◆ Work item: The lines to find are those in the entries that hold the word "height"; copy every one of them.

•••

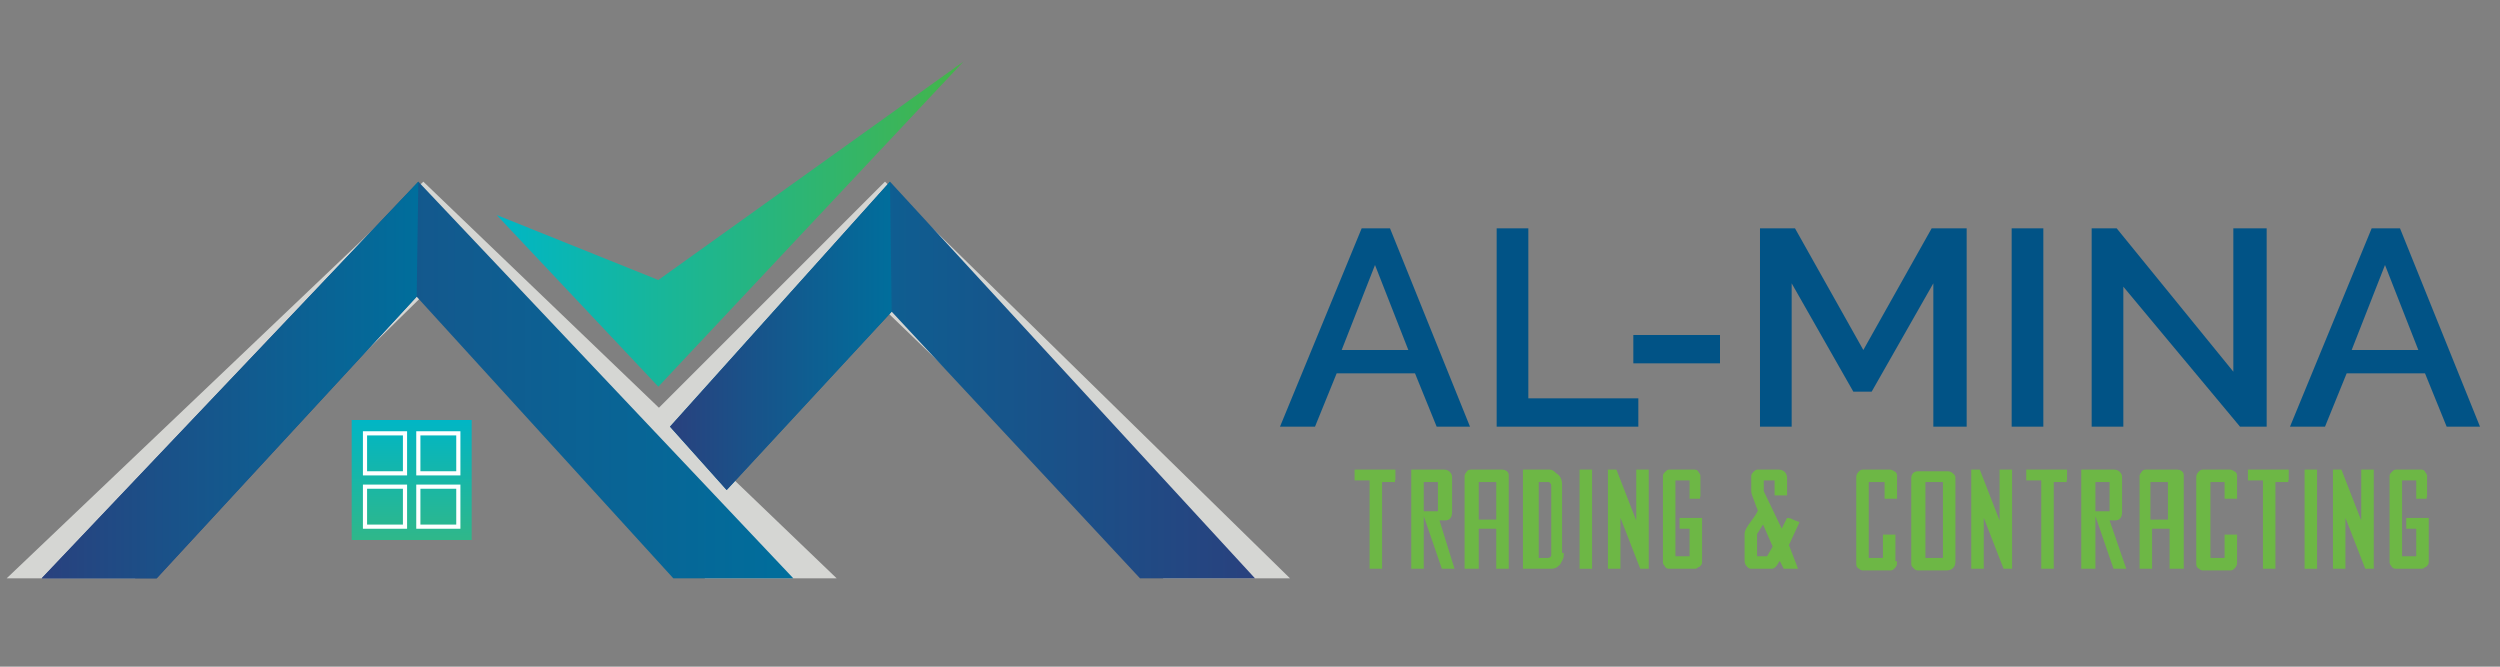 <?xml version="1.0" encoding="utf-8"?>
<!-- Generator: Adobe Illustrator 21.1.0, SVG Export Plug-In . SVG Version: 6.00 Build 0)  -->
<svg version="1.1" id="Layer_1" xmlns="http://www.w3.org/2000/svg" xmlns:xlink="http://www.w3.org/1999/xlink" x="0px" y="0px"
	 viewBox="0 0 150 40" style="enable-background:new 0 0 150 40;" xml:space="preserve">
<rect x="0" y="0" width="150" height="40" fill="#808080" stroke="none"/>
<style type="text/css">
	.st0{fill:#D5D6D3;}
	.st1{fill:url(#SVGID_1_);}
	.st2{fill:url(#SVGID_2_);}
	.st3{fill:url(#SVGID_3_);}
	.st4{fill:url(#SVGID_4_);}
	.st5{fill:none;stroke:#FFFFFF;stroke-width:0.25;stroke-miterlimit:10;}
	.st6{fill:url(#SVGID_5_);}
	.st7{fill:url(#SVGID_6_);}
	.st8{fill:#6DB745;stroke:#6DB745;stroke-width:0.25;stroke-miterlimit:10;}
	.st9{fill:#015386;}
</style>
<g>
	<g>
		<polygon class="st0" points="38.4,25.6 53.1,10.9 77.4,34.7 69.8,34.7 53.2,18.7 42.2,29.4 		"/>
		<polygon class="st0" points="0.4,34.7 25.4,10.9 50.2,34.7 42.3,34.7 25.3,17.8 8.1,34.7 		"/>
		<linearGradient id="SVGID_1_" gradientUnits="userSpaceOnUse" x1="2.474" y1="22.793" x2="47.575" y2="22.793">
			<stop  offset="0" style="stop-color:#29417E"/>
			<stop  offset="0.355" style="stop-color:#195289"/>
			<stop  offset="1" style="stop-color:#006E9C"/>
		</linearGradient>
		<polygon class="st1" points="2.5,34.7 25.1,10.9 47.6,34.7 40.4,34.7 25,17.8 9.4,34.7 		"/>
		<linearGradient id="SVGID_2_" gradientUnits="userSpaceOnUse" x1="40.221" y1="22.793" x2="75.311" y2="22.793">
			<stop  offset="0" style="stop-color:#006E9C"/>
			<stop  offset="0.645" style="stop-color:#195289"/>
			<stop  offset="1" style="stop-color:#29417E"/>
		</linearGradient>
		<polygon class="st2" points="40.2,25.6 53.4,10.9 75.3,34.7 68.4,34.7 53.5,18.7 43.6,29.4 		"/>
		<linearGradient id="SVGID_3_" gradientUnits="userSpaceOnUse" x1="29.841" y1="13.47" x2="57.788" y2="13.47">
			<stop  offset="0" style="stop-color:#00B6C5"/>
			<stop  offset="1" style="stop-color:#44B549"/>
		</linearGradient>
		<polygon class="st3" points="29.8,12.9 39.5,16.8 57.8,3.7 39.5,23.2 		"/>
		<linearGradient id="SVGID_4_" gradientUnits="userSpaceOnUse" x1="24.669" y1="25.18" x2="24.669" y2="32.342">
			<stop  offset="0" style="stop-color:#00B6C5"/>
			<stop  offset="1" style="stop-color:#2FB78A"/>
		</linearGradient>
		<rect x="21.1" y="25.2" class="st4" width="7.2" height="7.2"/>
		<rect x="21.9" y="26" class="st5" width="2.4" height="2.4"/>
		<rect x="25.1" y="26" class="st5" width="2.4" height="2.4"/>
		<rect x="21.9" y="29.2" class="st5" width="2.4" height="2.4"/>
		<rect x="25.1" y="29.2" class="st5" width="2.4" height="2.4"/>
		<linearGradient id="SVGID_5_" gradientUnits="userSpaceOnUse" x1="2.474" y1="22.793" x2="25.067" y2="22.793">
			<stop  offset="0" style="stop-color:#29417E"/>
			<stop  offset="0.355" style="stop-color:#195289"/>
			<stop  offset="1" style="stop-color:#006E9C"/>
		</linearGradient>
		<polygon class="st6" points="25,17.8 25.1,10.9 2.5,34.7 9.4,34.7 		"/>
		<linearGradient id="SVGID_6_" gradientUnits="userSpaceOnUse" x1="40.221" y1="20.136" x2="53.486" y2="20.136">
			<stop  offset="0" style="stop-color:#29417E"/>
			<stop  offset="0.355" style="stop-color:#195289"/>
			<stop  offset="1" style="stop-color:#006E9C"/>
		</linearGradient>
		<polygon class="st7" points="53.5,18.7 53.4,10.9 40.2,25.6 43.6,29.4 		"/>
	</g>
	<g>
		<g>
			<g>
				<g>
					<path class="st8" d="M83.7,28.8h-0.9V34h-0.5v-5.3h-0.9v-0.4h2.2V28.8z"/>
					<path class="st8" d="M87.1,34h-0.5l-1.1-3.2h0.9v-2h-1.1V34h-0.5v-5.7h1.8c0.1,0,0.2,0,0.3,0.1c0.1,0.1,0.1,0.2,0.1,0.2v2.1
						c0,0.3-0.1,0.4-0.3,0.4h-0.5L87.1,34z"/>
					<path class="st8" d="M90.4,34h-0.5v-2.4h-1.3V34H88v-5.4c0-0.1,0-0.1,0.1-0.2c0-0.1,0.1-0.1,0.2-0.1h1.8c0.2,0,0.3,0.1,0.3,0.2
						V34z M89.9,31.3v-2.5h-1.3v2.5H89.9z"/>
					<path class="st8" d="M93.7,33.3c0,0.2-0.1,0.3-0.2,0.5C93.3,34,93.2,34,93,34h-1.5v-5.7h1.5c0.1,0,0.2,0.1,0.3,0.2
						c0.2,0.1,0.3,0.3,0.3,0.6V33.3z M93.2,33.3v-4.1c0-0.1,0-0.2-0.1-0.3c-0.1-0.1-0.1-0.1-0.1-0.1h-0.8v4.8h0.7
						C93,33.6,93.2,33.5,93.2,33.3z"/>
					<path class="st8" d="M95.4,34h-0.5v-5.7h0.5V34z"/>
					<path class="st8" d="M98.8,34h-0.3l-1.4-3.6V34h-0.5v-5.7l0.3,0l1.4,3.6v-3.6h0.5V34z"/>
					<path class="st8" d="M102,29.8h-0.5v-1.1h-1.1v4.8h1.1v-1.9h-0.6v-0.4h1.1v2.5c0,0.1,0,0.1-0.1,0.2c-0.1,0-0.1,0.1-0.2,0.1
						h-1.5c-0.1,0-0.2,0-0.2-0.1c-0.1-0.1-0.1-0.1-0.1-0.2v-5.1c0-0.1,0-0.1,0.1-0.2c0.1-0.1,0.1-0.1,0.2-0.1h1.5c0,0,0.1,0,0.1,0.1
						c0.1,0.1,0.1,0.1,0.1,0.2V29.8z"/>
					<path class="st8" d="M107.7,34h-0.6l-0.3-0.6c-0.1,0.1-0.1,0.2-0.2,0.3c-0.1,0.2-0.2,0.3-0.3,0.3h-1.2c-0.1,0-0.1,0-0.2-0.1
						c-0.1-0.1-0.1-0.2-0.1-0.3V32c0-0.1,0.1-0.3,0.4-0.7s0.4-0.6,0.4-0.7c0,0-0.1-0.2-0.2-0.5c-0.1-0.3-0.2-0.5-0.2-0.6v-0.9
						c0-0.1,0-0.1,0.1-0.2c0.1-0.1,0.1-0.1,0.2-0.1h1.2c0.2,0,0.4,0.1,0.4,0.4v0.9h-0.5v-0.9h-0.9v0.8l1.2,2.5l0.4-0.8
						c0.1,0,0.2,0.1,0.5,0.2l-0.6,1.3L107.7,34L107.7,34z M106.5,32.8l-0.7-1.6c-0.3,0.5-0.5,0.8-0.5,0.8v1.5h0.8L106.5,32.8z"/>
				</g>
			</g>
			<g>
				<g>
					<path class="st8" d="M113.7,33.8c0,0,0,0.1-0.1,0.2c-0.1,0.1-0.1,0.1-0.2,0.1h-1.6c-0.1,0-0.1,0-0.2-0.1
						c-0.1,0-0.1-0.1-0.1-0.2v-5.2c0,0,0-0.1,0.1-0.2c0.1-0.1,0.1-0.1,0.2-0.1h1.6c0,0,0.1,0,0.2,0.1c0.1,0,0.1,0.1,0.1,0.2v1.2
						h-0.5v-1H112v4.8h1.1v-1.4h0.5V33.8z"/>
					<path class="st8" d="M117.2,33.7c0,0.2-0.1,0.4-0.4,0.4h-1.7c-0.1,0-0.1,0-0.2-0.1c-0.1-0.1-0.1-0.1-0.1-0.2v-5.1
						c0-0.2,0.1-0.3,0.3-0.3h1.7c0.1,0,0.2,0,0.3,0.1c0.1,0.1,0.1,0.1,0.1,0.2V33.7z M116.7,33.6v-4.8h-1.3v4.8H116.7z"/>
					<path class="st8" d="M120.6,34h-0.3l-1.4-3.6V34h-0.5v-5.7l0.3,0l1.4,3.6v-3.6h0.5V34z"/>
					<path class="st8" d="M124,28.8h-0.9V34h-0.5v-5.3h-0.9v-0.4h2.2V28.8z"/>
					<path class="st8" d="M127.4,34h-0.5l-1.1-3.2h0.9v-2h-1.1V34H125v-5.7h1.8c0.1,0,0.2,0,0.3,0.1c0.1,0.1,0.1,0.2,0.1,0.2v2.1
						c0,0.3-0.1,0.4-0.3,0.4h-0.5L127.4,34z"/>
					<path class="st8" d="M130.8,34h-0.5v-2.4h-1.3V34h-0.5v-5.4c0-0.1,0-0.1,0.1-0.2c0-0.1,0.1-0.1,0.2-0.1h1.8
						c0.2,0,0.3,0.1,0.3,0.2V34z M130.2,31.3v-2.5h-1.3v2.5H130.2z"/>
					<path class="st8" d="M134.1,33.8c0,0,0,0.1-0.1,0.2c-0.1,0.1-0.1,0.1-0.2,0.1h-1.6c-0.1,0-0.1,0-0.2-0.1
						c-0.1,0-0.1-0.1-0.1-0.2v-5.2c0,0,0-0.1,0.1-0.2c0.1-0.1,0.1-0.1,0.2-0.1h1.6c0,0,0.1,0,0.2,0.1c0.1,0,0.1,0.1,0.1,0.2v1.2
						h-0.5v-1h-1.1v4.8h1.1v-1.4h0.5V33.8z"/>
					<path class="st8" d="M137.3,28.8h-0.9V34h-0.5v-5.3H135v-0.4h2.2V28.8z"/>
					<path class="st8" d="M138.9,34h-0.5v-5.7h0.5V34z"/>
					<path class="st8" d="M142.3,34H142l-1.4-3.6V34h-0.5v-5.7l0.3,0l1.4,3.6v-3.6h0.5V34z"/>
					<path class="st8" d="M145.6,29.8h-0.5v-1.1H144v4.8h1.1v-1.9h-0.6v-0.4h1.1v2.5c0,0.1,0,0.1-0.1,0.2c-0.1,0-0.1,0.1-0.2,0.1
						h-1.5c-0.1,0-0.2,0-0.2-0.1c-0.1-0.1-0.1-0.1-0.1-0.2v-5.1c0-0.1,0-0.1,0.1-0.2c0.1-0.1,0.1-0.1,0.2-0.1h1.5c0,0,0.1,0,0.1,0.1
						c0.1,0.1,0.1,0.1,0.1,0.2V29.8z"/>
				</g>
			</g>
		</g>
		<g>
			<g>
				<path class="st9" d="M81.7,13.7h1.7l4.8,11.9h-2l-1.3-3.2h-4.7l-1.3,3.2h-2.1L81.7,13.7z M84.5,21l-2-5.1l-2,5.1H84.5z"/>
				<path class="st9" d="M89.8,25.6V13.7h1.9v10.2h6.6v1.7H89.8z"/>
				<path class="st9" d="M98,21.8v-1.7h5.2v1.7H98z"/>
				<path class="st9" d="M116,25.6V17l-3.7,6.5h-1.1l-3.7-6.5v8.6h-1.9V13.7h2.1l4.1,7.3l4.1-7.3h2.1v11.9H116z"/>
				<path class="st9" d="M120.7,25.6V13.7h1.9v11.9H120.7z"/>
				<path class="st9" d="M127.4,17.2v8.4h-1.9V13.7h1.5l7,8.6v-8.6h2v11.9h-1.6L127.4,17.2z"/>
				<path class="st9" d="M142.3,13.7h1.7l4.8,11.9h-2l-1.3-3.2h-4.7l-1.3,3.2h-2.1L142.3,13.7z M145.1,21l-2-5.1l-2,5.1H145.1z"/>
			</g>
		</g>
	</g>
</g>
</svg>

•••

◆ Response below:
<rect x="0" y="0" width="150" height="40" fill="#808080" stroke="none"/>
		<rect x="21.1" y="25.2" class="st4" width="7.2" height="7.2"/>
		<rect x="21.9" y="26" class="st5" width="2.4" height="2.4"/>
		<rect x="25.1" y="26" class="st5" width="2.4" height="2.4"/>
		<rect x="21.9" y="29.2" class="st5" width="2.4" height="2.4"/>
		<rect x="25.1" y="29.2" class="st5" width="2.4" height="2.4"/>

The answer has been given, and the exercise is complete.